In other words, for those of us not satisfied with the status quo, we have both school-work and home-work to do.
The girliness-patina thing can repel at all ages. I walked into my undergraduate university's chapter of the Society of Women Engineers, took one look at all the pink crap everywhere, and said, "Oh hell no," and walked right back out again. I found a group that involved playing with power tools instead.
Then again, machinery + pretty colors when it's not foisted on me as some "what girls are supposed to like" thing doesn't bother me at all, such as in Japan where construction equipment tends to look like this: http://www.japan-photo.de/D-BAU1-04.jpg
First of all, thanks for linking to me and thinking of me! Had no idea you even read my little blog.
I think it will just be so lovely when it hits us, really hits us what we've built online, and decide to take it to the streets.
I'm not going to comment-hog with much, but wanted to share a few questions worth asking:
1) What would it look like if administrators, faculty and students weren't set up to feel like adversaries?
2) What would it look like if universities understood themselves as potential models for society?
3) What does rational work look like -- and by rational I mean respecting the many aspects of life that academics are forced to pretend doesn't exist, like changing diapers and doing laundry.
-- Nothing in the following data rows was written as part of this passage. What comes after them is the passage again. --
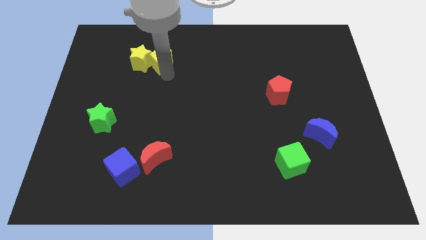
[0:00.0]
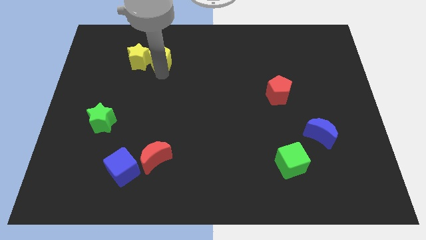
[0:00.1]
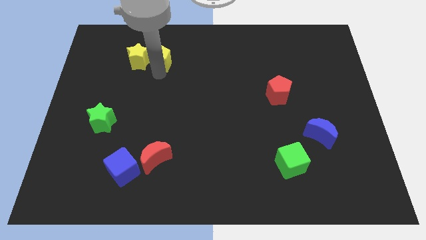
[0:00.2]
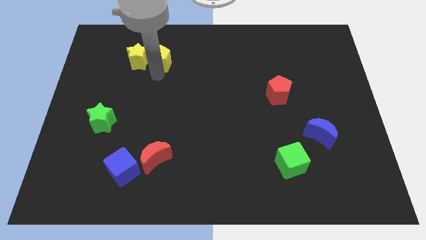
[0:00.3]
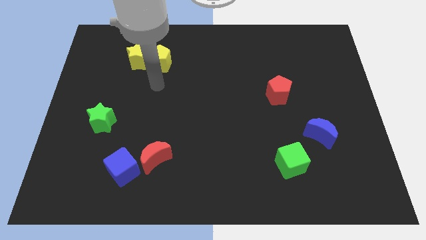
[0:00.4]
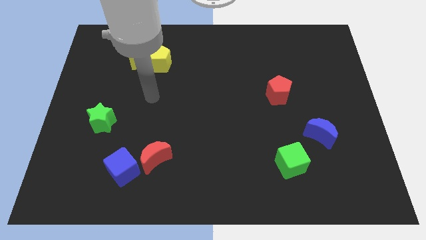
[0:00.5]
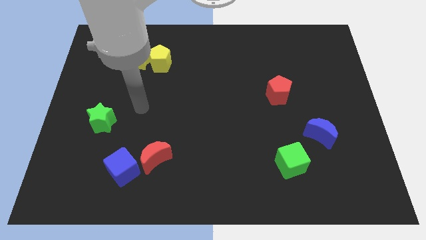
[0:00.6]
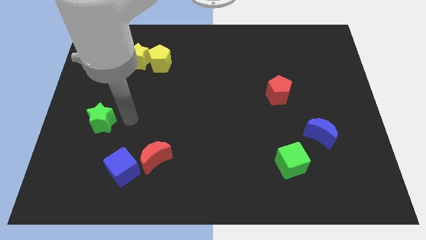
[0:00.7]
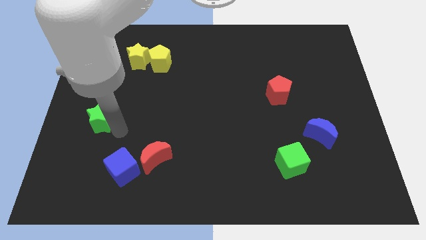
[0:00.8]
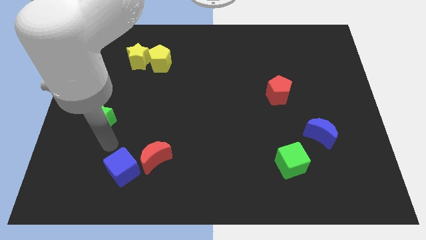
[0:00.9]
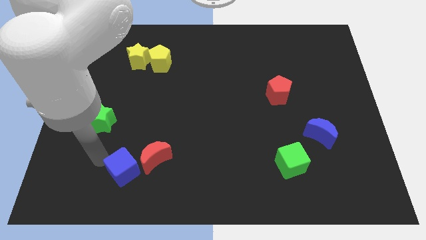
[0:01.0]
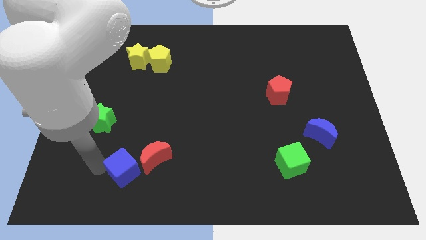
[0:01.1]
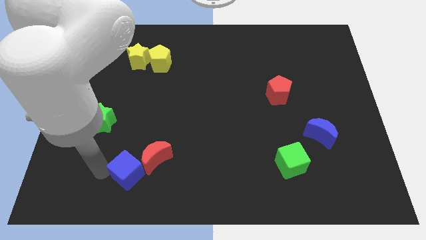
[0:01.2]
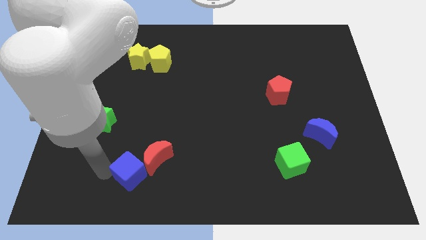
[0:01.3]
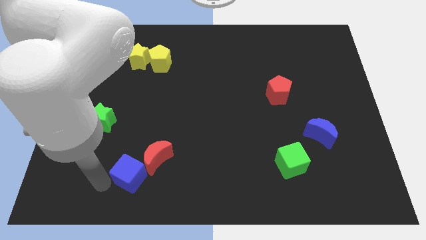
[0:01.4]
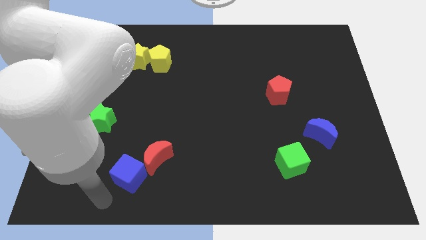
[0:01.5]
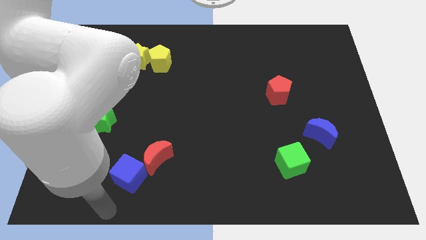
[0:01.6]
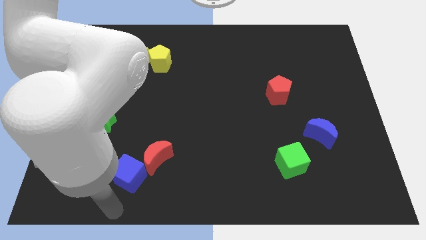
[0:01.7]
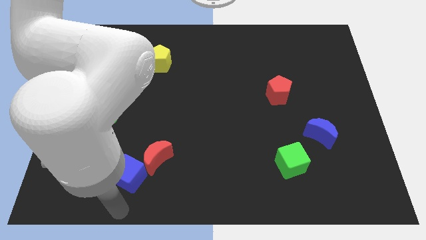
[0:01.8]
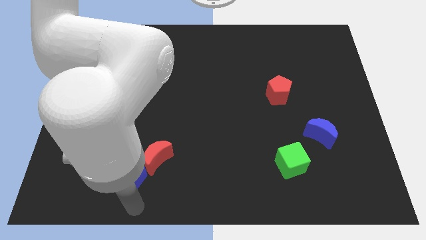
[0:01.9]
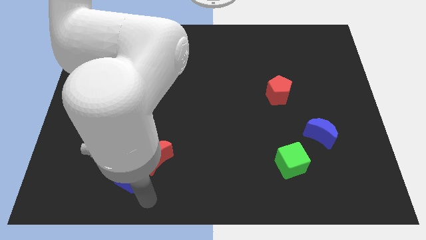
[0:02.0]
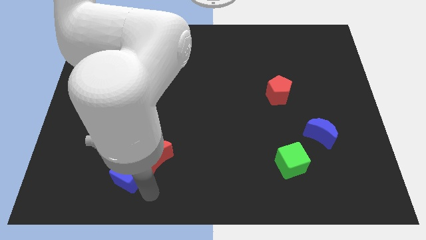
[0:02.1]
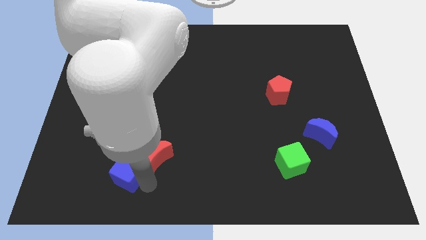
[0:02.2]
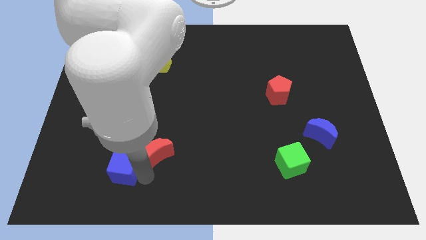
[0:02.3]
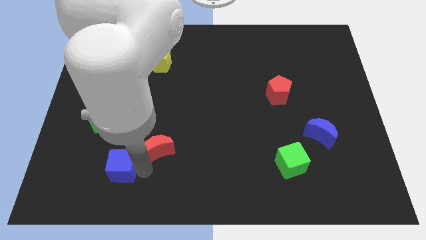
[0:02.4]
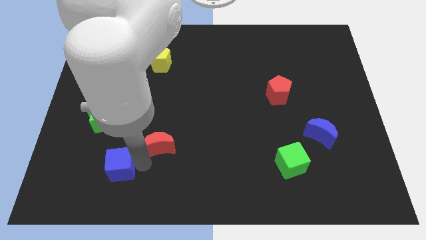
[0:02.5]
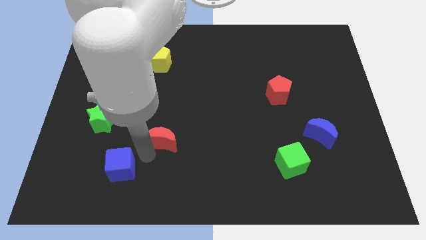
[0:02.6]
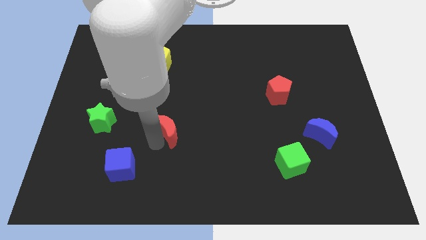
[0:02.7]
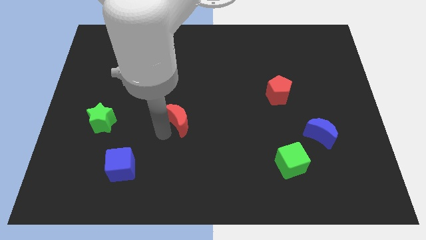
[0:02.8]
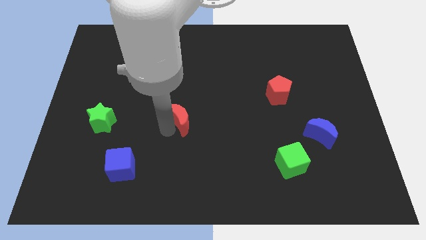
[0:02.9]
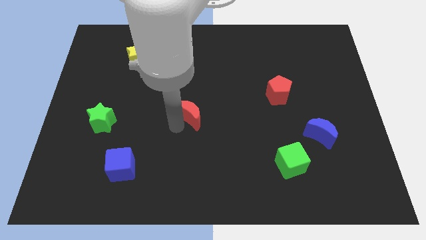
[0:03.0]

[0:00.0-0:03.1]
move the red moon right to the green star

4) What is good science? Can we be doing better science by decreasing our reliance on men who have wives willing to take care of the house (one of the issues noted on the NAS panel), and taking the steps necessary in the workplace to make it possible for the power structures of the home to change?
Thanks again!
Thanks so much for this post. Can't tell you how many different circles my brain is turning in right now. So much to think about. Wonderful quotes, and thanks for leading us all to the original posts. Must...stop...having...headaches. I really, really, really want to do some serious blogging. So much to be said...thanks for being out there to do a lot of the saying.